Repeat exactly, please, the lines that begin at the start of the listing and end at the line holding "The image shows 57".
+--
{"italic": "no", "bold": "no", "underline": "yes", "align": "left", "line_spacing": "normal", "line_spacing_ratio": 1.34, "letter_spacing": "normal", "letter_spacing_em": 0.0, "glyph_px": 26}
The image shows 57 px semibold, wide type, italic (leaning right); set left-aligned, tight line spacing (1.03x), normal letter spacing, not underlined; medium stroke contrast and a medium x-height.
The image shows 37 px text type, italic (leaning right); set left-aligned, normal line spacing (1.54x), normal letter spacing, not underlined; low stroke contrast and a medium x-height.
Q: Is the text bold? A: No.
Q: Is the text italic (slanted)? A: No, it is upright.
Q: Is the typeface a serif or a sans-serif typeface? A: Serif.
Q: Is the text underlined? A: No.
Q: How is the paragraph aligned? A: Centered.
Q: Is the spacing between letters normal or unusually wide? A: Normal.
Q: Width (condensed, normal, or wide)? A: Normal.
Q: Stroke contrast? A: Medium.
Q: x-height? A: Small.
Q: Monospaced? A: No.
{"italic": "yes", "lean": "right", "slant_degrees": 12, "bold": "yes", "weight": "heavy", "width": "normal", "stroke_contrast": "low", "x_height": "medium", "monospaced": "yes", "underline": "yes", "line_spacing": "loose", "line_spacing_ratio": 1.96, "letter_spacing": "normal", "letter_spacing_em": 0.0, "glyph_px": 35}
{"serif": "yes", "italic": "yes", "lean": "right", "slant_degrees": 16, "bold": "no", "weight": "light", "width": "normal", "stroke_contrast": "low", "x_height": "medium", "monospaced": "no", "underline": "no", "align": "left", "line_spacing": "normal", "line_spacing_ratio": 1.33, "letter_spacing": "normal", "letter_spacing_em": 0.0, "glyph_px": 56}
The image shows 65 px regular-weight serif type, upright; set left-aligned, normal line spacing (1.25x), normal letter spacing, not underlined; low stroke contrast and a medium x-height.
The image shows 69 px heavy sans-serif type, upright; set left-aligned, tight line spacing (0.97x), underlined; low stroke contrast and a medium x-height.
+--
#### [Exercise output]
{"italic": "no", "bold": "no", "underline": "yes", "align": "left", "line_spacing": "normal", "line_spacing_ratio": 1.34, "letter_spacing": "normal", "letter_spacing_em": 0.0, "glyph_px": 26}
The image shows 57 px semibold, wide type, italic (leaning right); set left-aligned, tight line spacing (1.03x), normal letter spacing, not underlined; medium stroke contrast and a medium x-height.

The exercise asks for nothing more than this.